If every digital camera contained a SIM or RFID module, it could log into its manufacturer's product-authentication database when switched on and, if stolen, report its whereabouts and disable itself until returned to its rightful owner.
By Dieter Uckelmann, with contributions from Mark Harrison
All of these requirements could be implemented as follows:

The hardware. The device (a camera, for example) would contain an embedded SIM module with mobile reception, which would check its status with the manufacturer's product identifier authentication database every time it was switched on. It would start up immediately, but if it received a response indicating it had been reported as stolen, the device would then switch to a disabled state and display a message advising that it be taken to the nearest police station. The messages for performing the check about whether the item was stolen, and for reporting it as such, could probably be formatted as regular SMS text messages, within 160 characters. If the device was equipped with GPS functionality (some current digital cameras already offer this capability), the stolen equipment's location could be transmitted as well.

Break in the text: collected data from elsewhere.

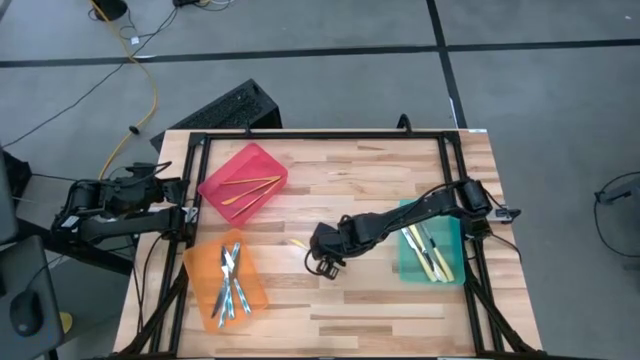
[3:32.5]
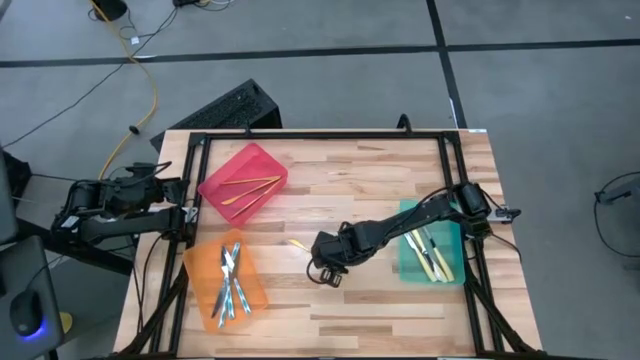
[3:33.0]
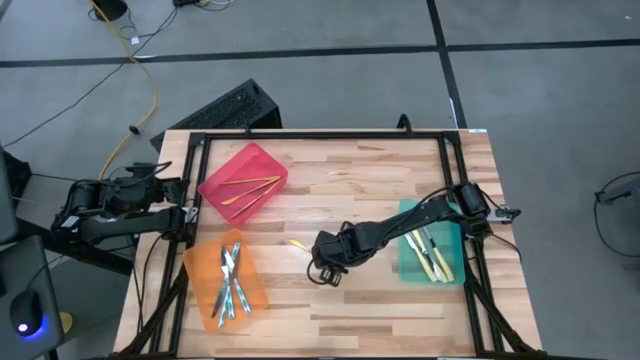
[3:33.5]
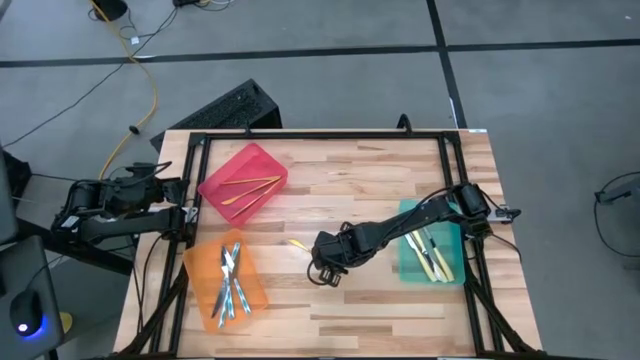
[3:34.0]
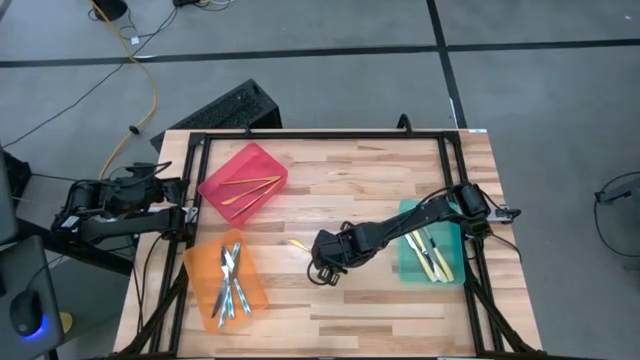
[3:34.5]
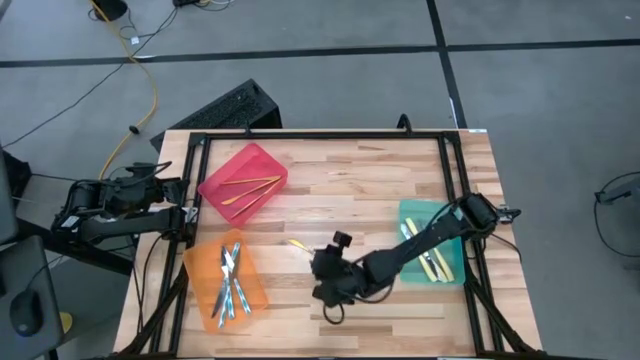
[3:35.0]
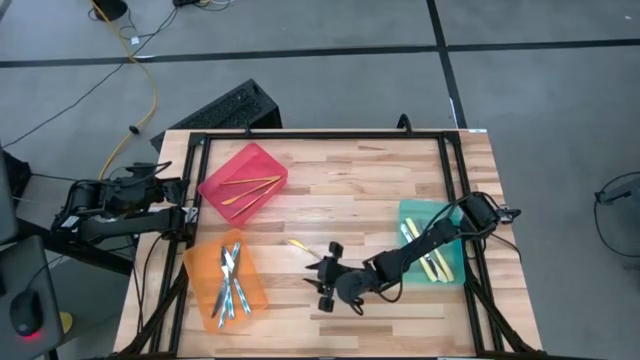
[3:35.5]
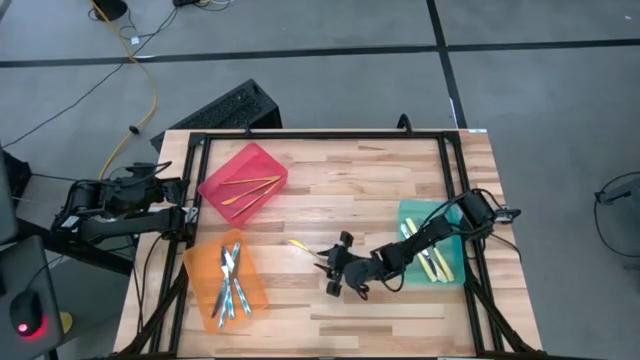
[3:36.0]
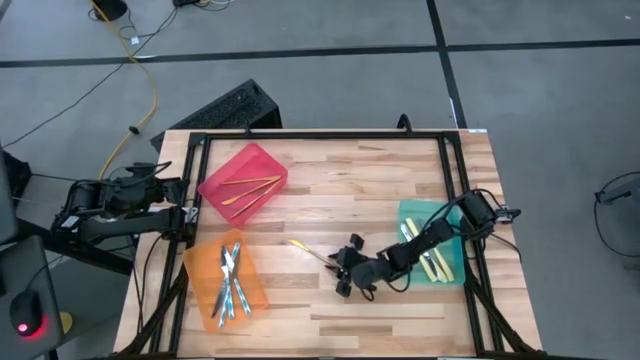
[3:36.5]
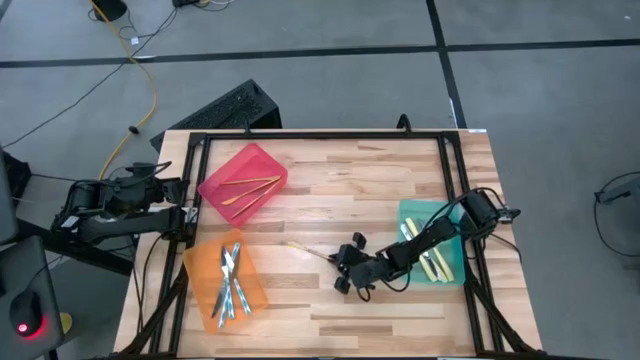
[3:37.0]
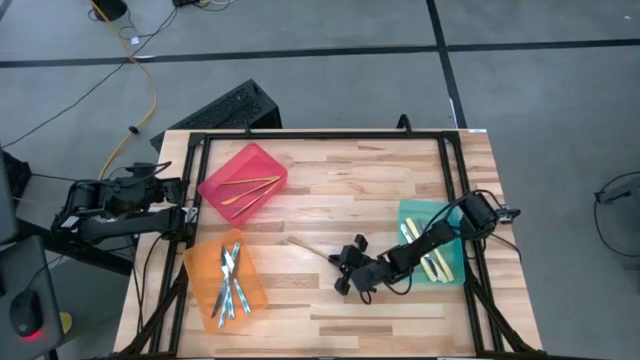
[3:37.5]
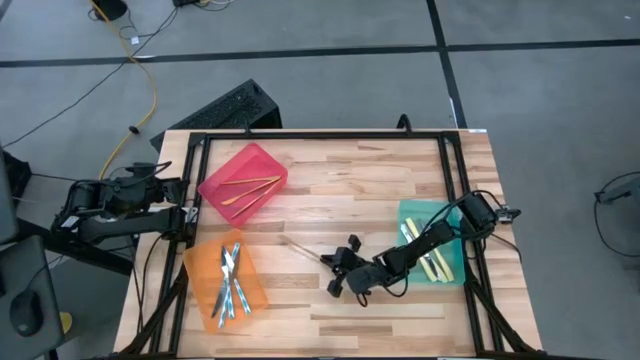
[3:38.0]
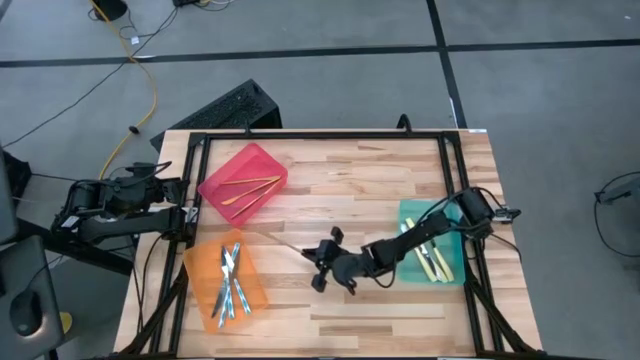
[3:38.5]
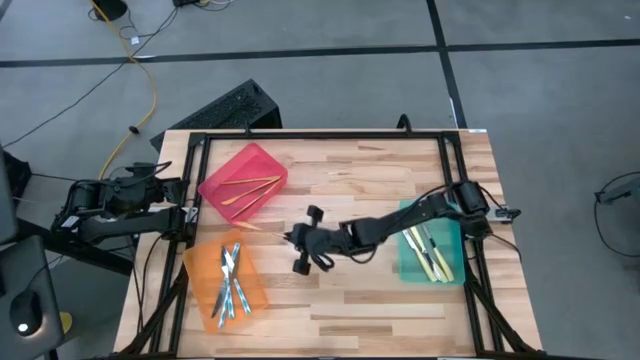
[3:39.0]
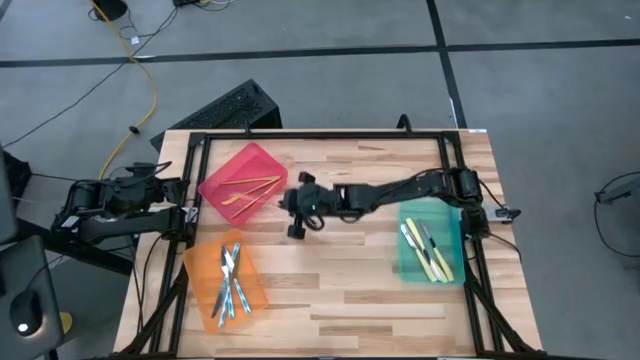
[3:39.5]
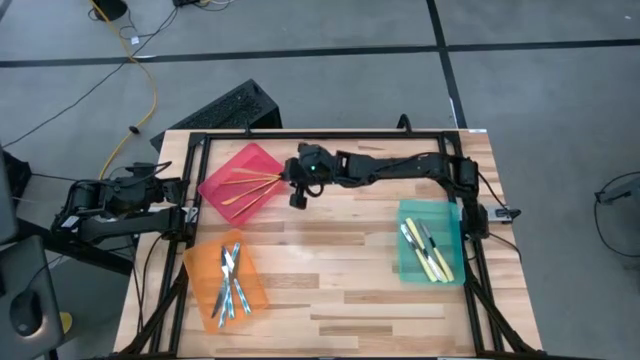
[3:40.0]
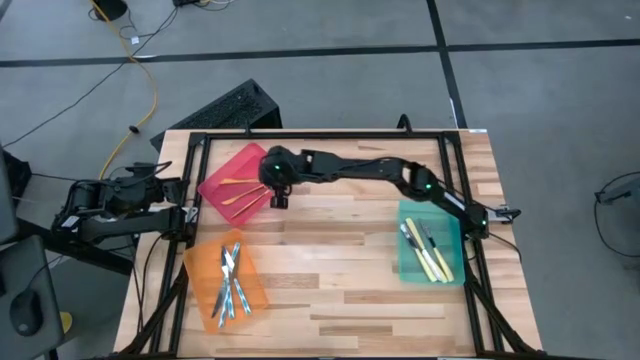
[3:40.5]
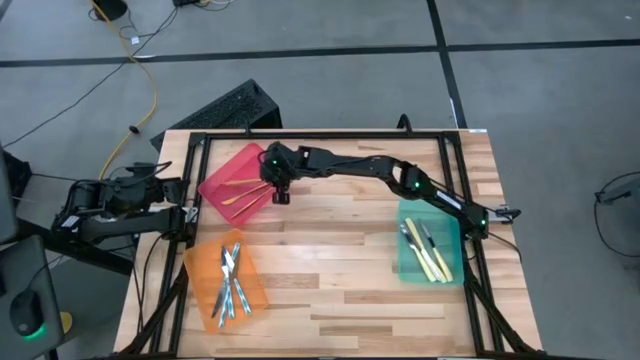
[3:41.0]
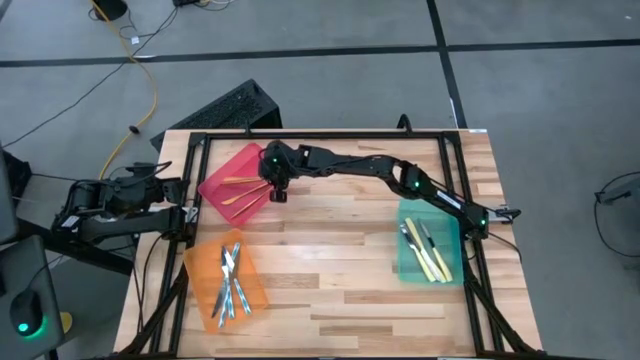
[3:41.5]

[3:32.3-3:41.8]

The IDs of attached accessories (lenses, for example) would be transmitted through the main device, which could deactivate them. As an alternative to connecting through the main device's embedded SIM module, a connection to the Internet could be established through a wired USB connection to a PC.

The registration authorities. The device's legitimate original owner would register that item's unique ID number with a standardized service hosted at the manufacturer, or with a service such as Immobilise, and would receive a key code enabling the reversible remote deactivation of the device. The different manufacturers and third-party services would be interlinked through standardized interfaces and discovery services. Any legitimate purchasers of second-hand devices would receive the key code from the previous owner, which they could then use, together with the equipment's unique ID, to register the item as their property. This would generate a new locking key for that device (which would be provided to the new owner) and would permanently deactivate the locking key held by the previous owner, so that the prior user would not be able to remotely lock that device transferring ownership. The locking key for each object owned could be securely stored within a service such as Immobilise, together with a description and IDs or serial numbers, as well as photographs, scanned receipts (as proof of purchase) and so forth.

The event. In the event of a theft, the legitimate owner could potentially use Immobilise or a similar service to remotely lock the stolen devices for which they were the legitimate owner. The service would then update its own product identifier authentication service, and/or that operated by the relevant manufacturer, so that the next time the device called home upon startup to check if it had been stolen, it would know that it should disable itself and display the message advising the bearer to deliver it to the nearest police station.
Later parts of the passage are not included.